There’s a moment in every movement when you realize the old guard hasn’t actually surrendered. They’ve just gone quiet, waiting for the noise to die down so they can reclaim what they think is rightfully theirs. Anthony Constantino saw that moment play out in real time during a recent debate for New York’s 21st congressional district when his opponent refused to shake his hand.
Constantino, who runs Sticker Mule and employs over a thousand people across facilities in New York, South Carolina, and Italy, isn’t your typical congressional candidate. He’s built something real in the private sector, serving five million customers in more than a hundred countries. That kind of success tends to give you a pretty clear view of who actually creates value and who just talks about it. And right now, he’s watching what he calls “swamplings” position themselves for a comeback.
Speaking on Breitbart News Saturday, Constantino laid it out plainly. These establishment types in New York aren’t the heavyweight swamp creatures you find in Washington. They’re the minor league version, but they share the same playbook. Wait out Trump. Let the energy fade. Slide back into power like nothing ever changed. It’s a strategy born from patience and a fundamental misreading of what’s actually happening in the Republican Party.
The handshake snub wasn’t just bad manners. It was a tell. Robert Smullen, Constantino’s opponent, apparently thought he could dominate the MAGA candidate so thoroughly that voters would forget about the movement altogether. Instead, people are calling it a knockout in the other direction. You know what that says? The establishment still doesn’t understand that this isn’t about one personality or one election cycle. It’s about a complete reordering of priorities.
Constantino describes himself as a “super MAGA congressional candidate,” and he’s got Trump’s endorsement to prove it. But more importantly, he understands the assignment. The goal isn’t just winning a seat. It’s keeping the movement alive past Trump’s presidency, whenever that ends. Because the swamplings are absolutely counting on attrition. They figure if they can just outlast the current energy, the party will naturally revert to their control.
That’s not happening. At least not if candidates like Constantino have anything to say about it. The MAGA movement tapped into something the establishment Republicans had ignored for decades: regular Americans who were tired of being managed, lectured, and told to accept incremental losses as victories. Those people haven’t gone anywhere. They’re still here, still angry, and still voting.
The business owner turned candidate sees this race as part of a larger battle. There are other MAGA candidates fighting similar fights across the country, working to ensure the movement doesn’t dissolve the moment Trump leaves office. It’s about succession planning, honestly. Every successful movement has to think beyond its founder or it dies with them.
What makes the swamplings dangerous isn’t their strength. It’s their persistence. They’ll smile, nod, say the right things at the right times, and quietly work to restore the old order. They’re betting on exhaustion, on voters getting tired of the fight and defaulting back to familiar faces. That’s always been the establishment’s advantage. They can afford to wait because they never really leave.

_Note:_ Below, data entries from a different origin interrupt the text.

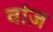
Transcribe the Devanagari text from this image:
वांज़
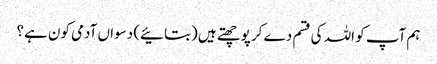
ہم آپ کو اللہ کی قسم دے کر پوچھتے ہیں (بتائیے) دسواں آدمی کون ہے؟
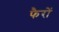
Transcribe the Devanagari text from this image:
फैरों
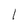
Character: l
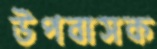
উপবাসক
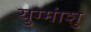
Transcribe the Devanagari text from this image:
युग्मांशु
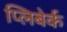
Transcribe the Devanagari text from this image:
प्लिबेर्क
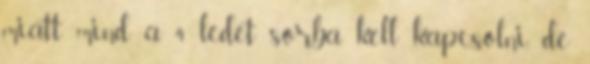
miatt mind a 4 ledet sorba kell kapcsolni, de
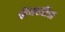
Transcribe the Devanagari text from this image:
शेंगातील
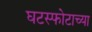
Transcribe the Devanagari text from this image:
घटस्फोटाच्या
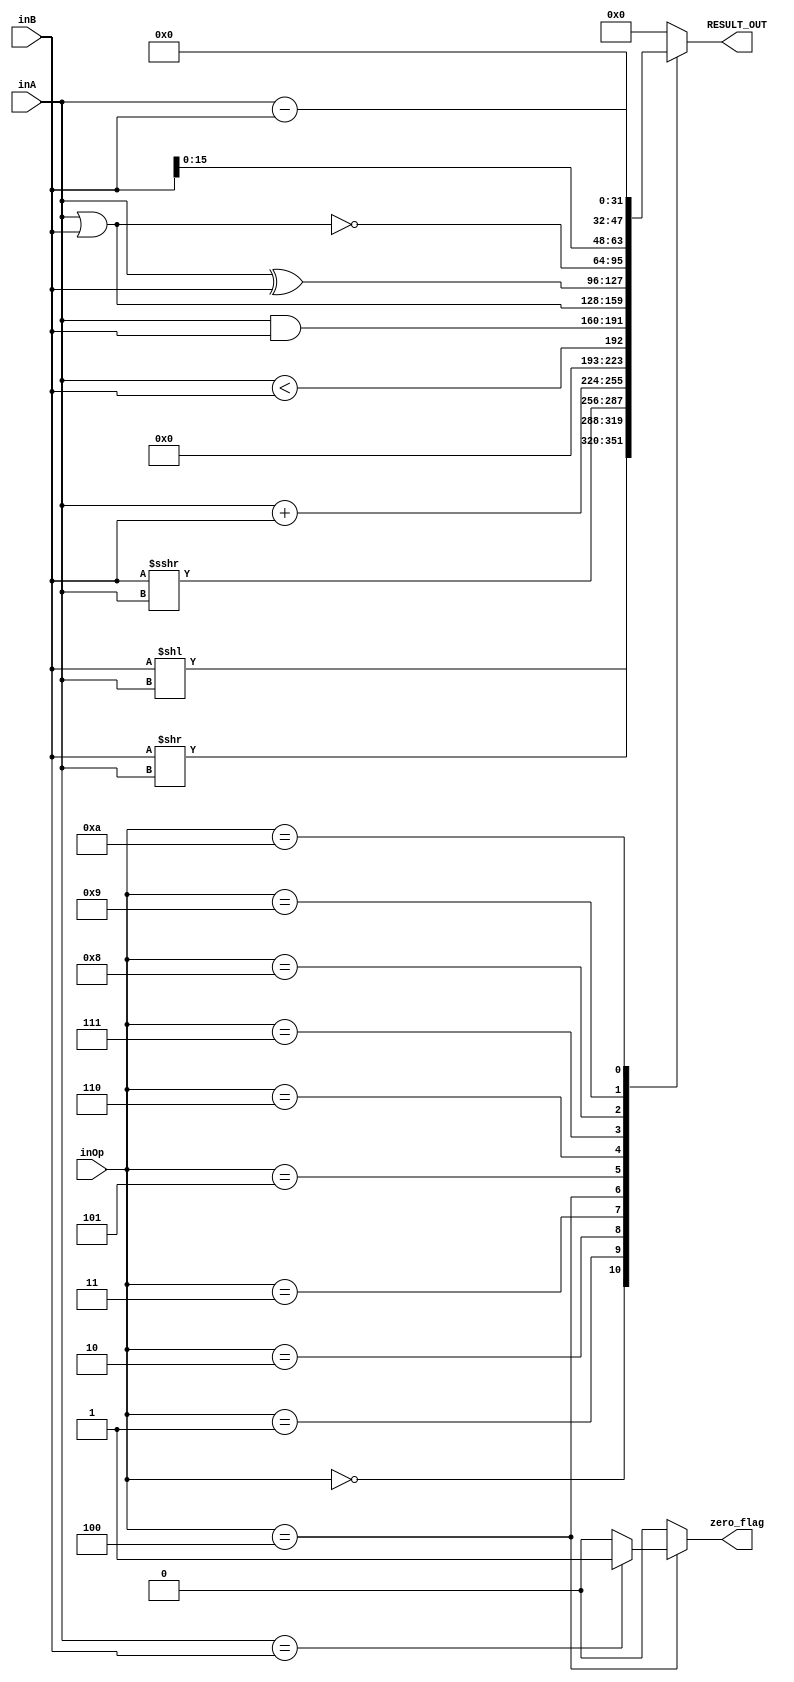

But Constantino’s confidence suggests something’s shifted. The energy that propelled Trump into office and reshaped the Republican Party hasn’t dissipated. It’s evolved. It’s found new champions who built businesses, created jobs, and understand what actually makes America work. Those aren’t the kind of people who fade away quietly.
The refusal to shake hands might seem petty in isolation. In context, it reveals everything about how seriously the establishment takes this threat to their control. They’re not playing nice anymore because they know what’s at stake. The question is whether MAGA candidates can convert that opposition into sustained political power. Constantino clearly thinks they can.